- Opening Delimiter -

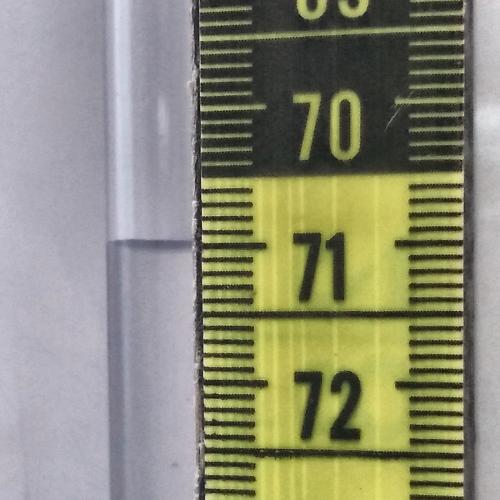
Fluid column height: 71.0 cm
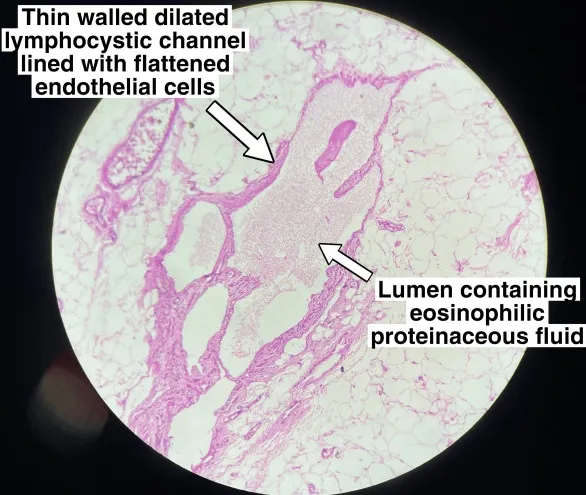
Thin-walled dilated lymphocystic channel lined with flattened endothelial cells and lumen consisting of eosinophilic proteinaceous fluid.
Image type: pathology (h&e)
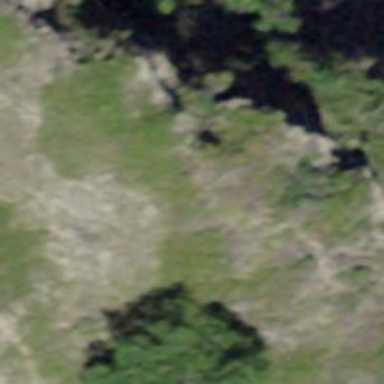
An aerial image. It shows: Natural cliff.
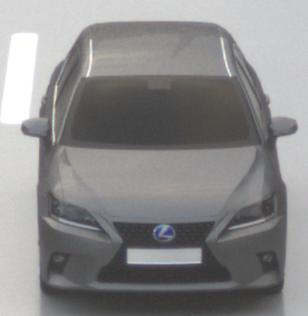
Make: Lexus
Model: CT 200h
Detailed model: CT (A10)
Model produced from: 2014/03
Model produced until: 2017/10
Doors: 5
Color: gray
Road condition: wet road
Daytime: sunrise or sunset
Contrast: low contrast
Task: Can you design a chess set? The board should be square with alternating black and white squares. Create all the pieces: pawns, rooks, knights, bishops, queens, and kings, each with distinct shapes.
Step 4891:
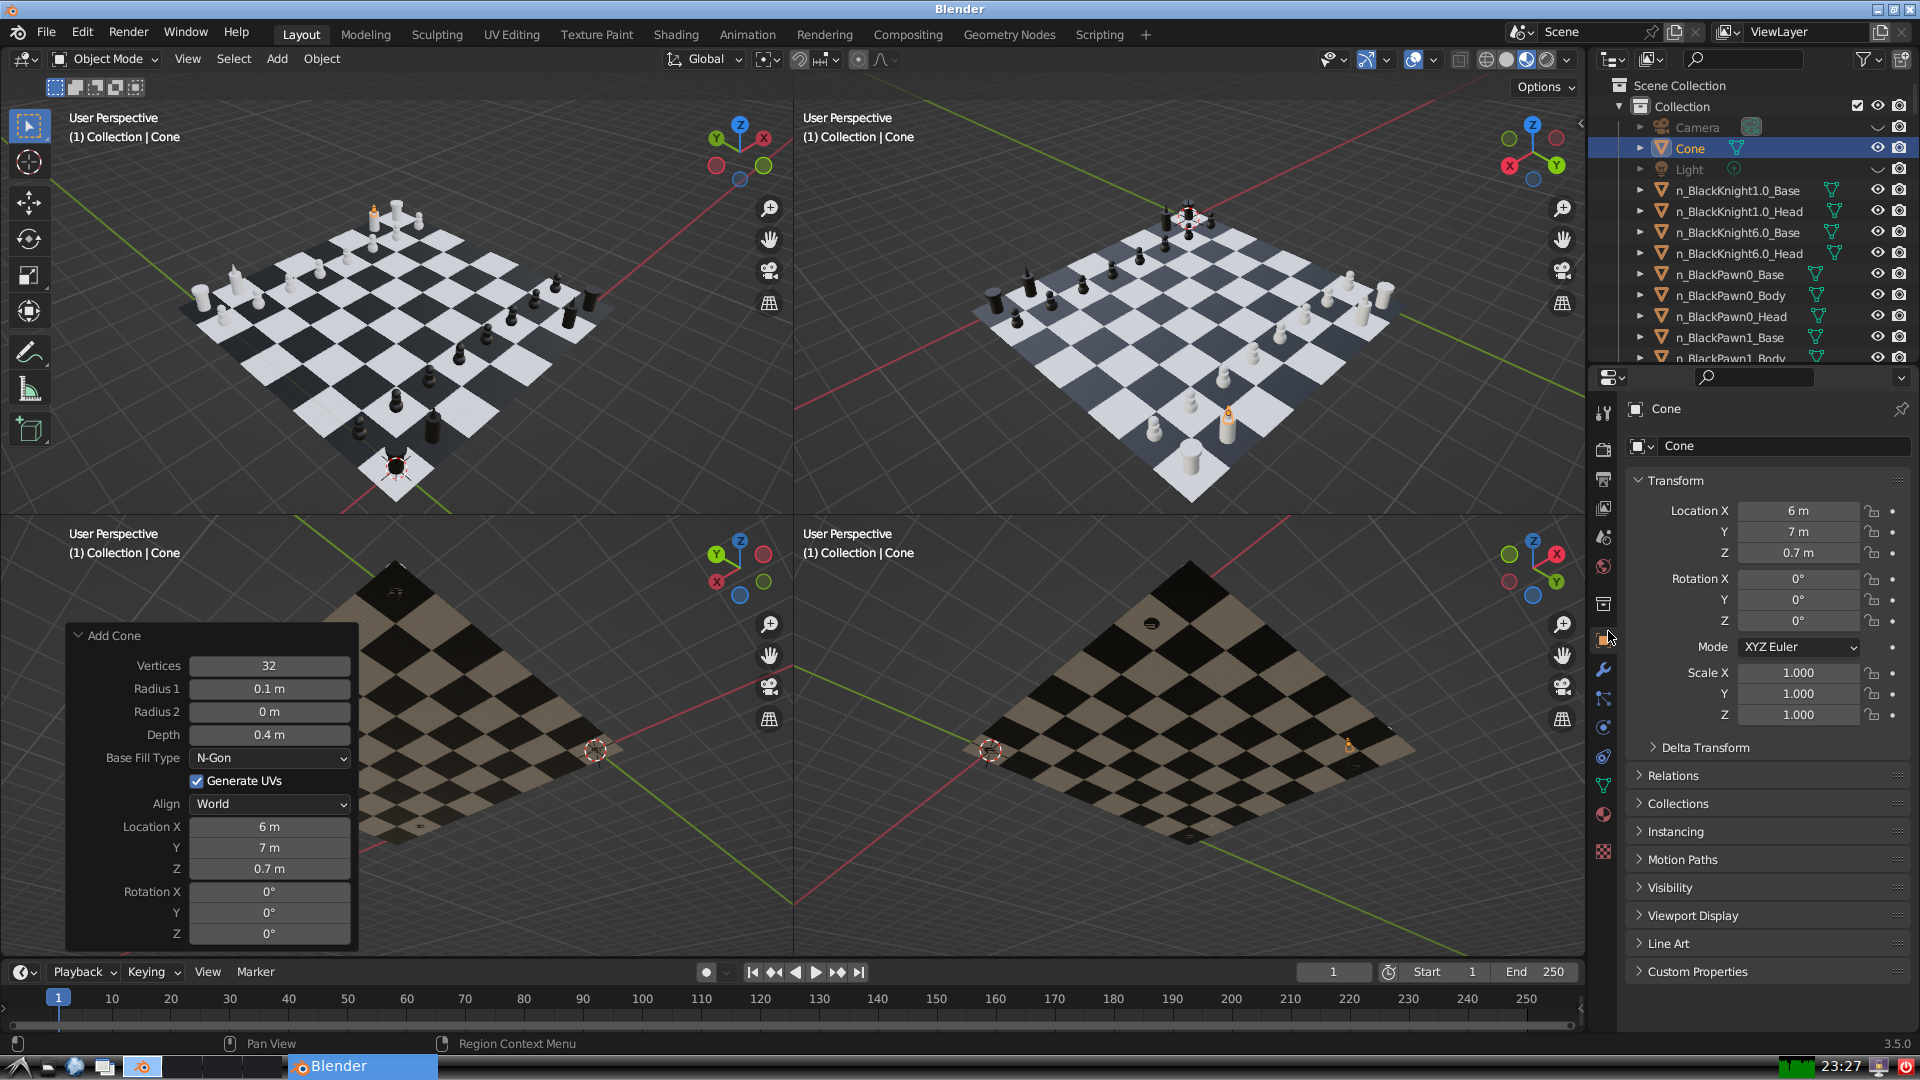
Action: {"mouse_move": [1732, 445]}
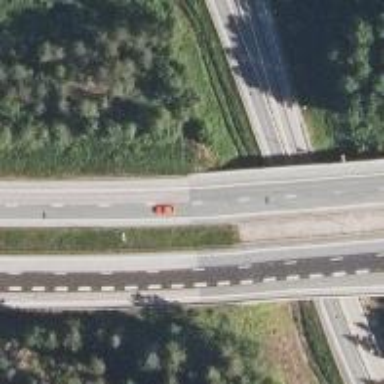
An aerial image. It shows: Asphalt bridge on motorway.
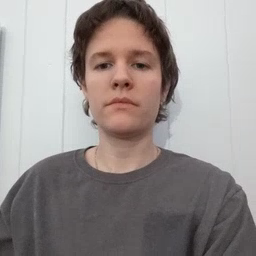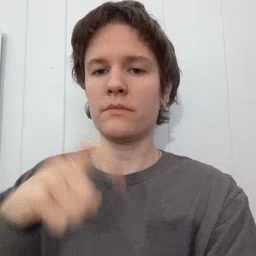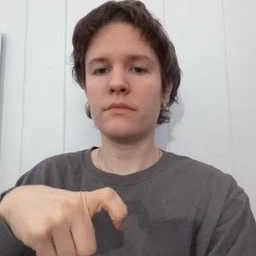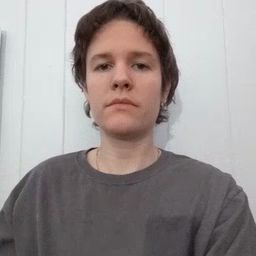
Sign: time
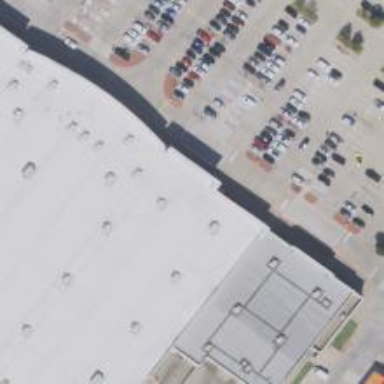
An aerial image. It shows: Building.
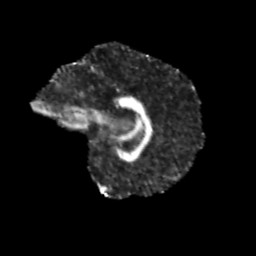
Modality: FA
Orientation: sagittal
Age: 11
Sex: female
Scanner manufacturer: siemens
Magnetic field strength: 3 T
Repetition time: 3.8 s
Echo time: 0.07 s
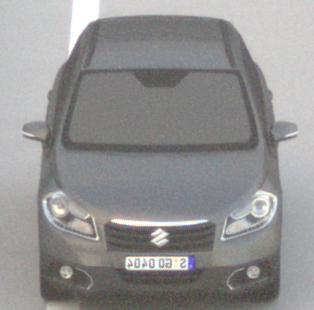
Make: Suzuki
Model: SX4 S-Cross 1.6
Detailed model: SX4 (II) S-Cross
Model produced from: 2013/10
Model produced until: 2015/08
Doors: 5
Color: gray
Road condition: dry road
Daytime: sunrise or sunset
Contrast: low contrast
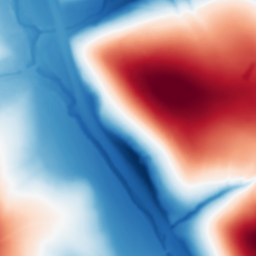
Category: multiscale
Decomposition family: dog
Decomposition parameters: sigma_low: 1
sigma_high: 100
Upsampling method: bilinear
Upsampling parameters: scale: 8
Upsampling scale: 8
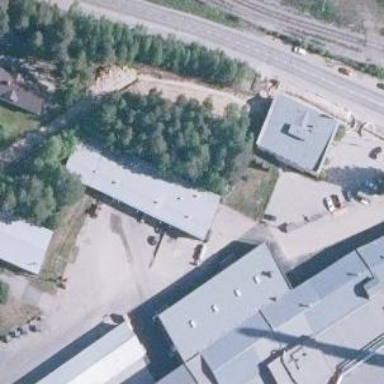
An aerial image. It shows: Public building with works.
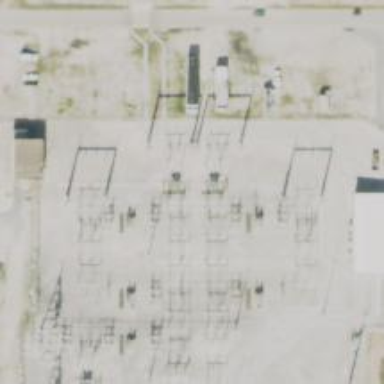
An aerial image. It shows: Switch used for power control.
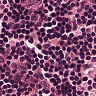
Metastatic tissue present: no
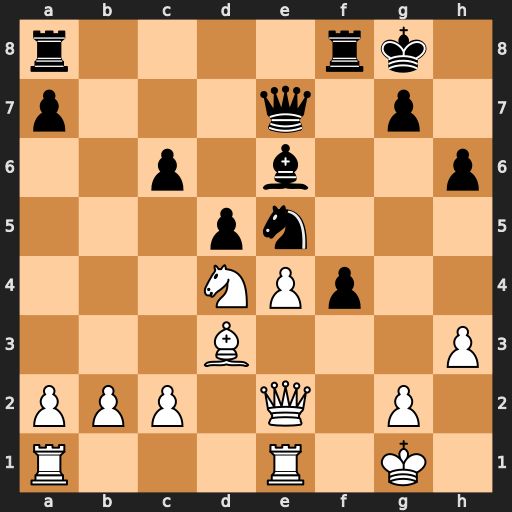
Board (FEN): r4rk1/p3q1p1/2p1b2p/3pn3/3NPp2/3B3P/PPP1Q1P1/R3R1K1
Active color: w
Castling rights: -
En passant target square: -
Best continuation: exd5 Bxd5 Qxe5
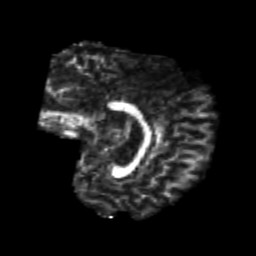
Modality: FA
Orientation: sagittal
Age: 22
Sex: male
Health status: healthy
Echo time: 0.074 s
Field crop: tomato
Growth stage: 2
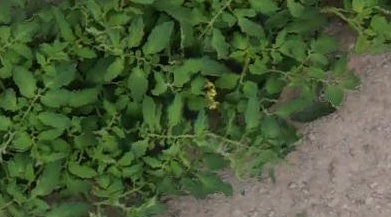
Species: tomato
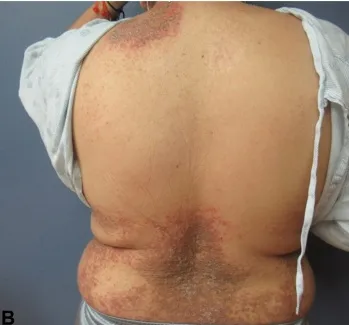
A, B, Presentation at initial visit pretreatment.
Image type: medical_photograph (skin_photograph)
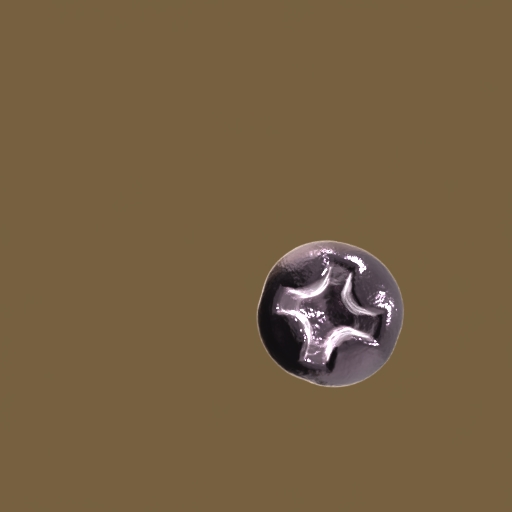
Label: screw

- Closing Delimiter -

**Exercise aim**
Pictures aside, please output the whole listing exactly as it appears above.

**Exercise result**
Fluid column height: 71.0 cm
Thin-walled dilated lymphocystic channel lined with flattened endothelial cells and lumen consisting of eosinophilic proteinaceous fluid.
Image type: pathology (h&e)
An aerial image. It shows: Natural cliff.
Make: Lexus
Model: CT 200h
Detailed model: CT (A10)
Model produced from: 2014/03
Model produced until: 2017/10
Doors: 5
Color: gray
Road condition: wet road
Daytime: sunrise or sunset
Contrast: low contrast
Task: Can you design a chess set? The board should be square with alternating black and white squares. Create all the pieces: pawns, rooks, knights, bishops, queens, and kings, each with distinct shapes.
Step 4891:
Action: {"mouse_move": [1732, 445]}
An aerial image. It shows: Asphalt bridge on motorway.
Sign: time
An aerial image. It shows: Building.
Modality: FA
Orientation: sagittal
Age: 11
Sex: female
Scanner manufacturer: siemens
Magnetic field strength: 3 T
Repetition time: 3.8 s
Echo time: 0.07 s
Make: Suzuki
Model: SX4 S-Cross 1.6
Detailed model: SX4 (II) S-Cross
Model produced from: 2013/10
Model produced until: 2015/08
Doors: 5
Color: gray
Road condition: dry road
Daytime: sunrise or sunset
Contrast: low contrast
Category: multiscale
Decomposition family: dog
Decomposition parameters: sigma_low: 1
sigma_high: 100
Upsampling method: bilinear
Upsampling parameters: scale: 8
Upsampling scale: 8
An aerial image. It shows: Public building with works.
An aerial image. It shows: Switch used for power control.
Metastatic tissue present: no
Board (FEN): r4rk1/p3q1p1/2p1b2p/3pn3/3NPp2/3B3P/PPP1Q1P1/R3R1K1
Active color: w
Castling rights: -
En passant target square: -
Best continuation: exd5 Bxd5 Qxe5
Modality: FA
Orientation: sagittal
Age: 22
Sex: male
Health status: healthy
Echo time: 0.074 s
Field crop: tomato
Growth stage: 2
Species: tomato
A, B, Presentation at initial visit pretreatment.
Image type: medical_photograph (skin_photograph)
Label: screw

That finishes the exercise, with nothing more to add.